Machine Learning on AWS: Getting Started with SageMaker and More

Ready to get started with machine learning (ML) on AWS? ML requires a lot of processing capability, more than you’re likely to have at home. That’s where a cloud platform such as AWS can help. But how do you get started? Here are some tips to add ML to your career.

Machine Learning in General

First, learn as much as you can about ML independent of AWS. To maximize your career opportunities, you want your experience and knowledge to be broad and not focus exclusively on AWS. 

ML is not for the faint of heart. It requires serious study. However, opportunities for those with machine-learning skills abound, with routine six-figure salaries for engineers and developers who focus on deep learning, machine learning, and artificial intelligence (A.I.). According to Burning Glass, which collects and analyzes millions of job postings from across the country, machine-learning engineers with even a few years of experience can unlock pretty healthy compensation—and that’s before you throw in benefits such as stock options:

Job interviews for ML-related positions are often tough and require quite a bit of preparation, as well. Even “everyday” developers and analysts (i.e., those who don’t primarily focus on ML in their work) may very well end up using more ML tools and principles in coming years. If you’re a student specializing in computer science or a related field, that’s as good a reason as any to build out your ML and A.I. knowledge

Read books, take online classes, and invest as much time as you can into learning it. TensorFlow, the open-source library for deep-learning software that was created by Google, has a nice page of learning resources.

Next, look at the coding frameworks available. The aforementioned TensorFlow is considered one of the top, as is PyTorch, which was created by Facebook. Although AWS has great tools for building ML with little coding, you’re still going to want to know how to use ML coding frameworks.

Learning AWS ML

AWS presently has 17 services related to ML, and they’re likely to add more in the years to come. This is too much to learn all at once, so we recommend a couple of things: First, make sure you’re completely familiar with “basic” computing via AWS, including how to provision EC2 servers and, most importantly, how much it’s going to cost you per hour to allocate those servers. You can’t afford surprises, especially when dealing with the kind of processing resources you need. 
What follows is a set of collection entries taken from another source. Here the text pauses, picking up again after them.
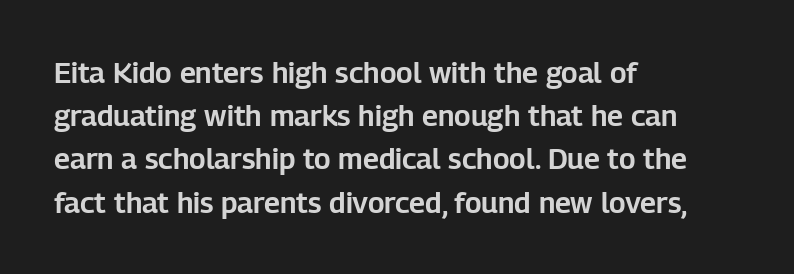
Q: Is the text italic (slanted)? A: No, it is upright.
Q: Is the typeface a serif or a sans-serif typeface? A: Sans-serif.
Q: Is the text underlined? A: No.
Q: How is the paragraph aligned? A: Left-aligned.
Q: Is the spacing between letters normal or unusually wide? A: Normal.
Q: Is the spacing between lines tight, normal or loose? A: Normal.
Q: Width (condensed, normal, or wide)? A: Normal.
Q: Stroke contrast? A: Low.
Q: x-height? A: Medium.
Q: Monospaced? A: No.

Second, of the 17 services, the one you want to start with is SageMaker. This is AWS’s flagship ML product and it includes a complete IDE called SageMaker Studio. 

SageMaker Studio offers a Quick Start; get to the Studio from the main SageMaker page, scroll down, and you’ll see the Quick Start:

Fill in the name and choose the permissions. (You’ll likely need to create a role; you can learn about that here.) Then you’ll be asked for your VPC ID and subnet, so make sure you have a basic understanding of those, as well. Click ‘Next,’ and you’ll see your SageMaker Studio dashboard. After a few minutes, you’ll see your new Studio show up in a list with the word “Ready” by it.

Click the “Open Studio” link to go into the Studio. The Studio will open in a new window; the first time it will take a couple minutes to load.

In the lower-right you’ll see a pane with a demonstration video and a “video tutorials” link with more information to help you get started. There’s also a link to a tour guide, which provides a complete walkthrough for setting up multiple experiments and trials. 

With ML, experiments are the processes that you run many times over, as the system learns. Trials are the individual outcomes from the experiments. You provide different data with the experiments and observe the trials. Typically, each time you only modify the data slightly; this is known as an incremental change. Over time your system continues to gather more and more data and learn from the outcomes.

More ML on AWS

If you’re into pattern and facial recognition and aren’t paranoid, you might try out the AWS DeepLens, which is a hardware camera built to integrate with AWS ML. (You probably want to put tape over its lens when you’re not using it.)

One place where you can stay on top of it all is through the official AWS ML blog. Many of the articles are really advanced, but if you at least skim through them, you’ll pick up tidbits of knowledge here and there—even if you’re just starting out on your machine-learning journey.

Conclusion

Machine learning is a huge topic and there’s a lot to learn. Start slowly, study as much as you can, and just keep practicing with the different tools available. Over time, you’ll become competent, and if you keep at it, you’ll eventually become an expert. Have patience and perseverance!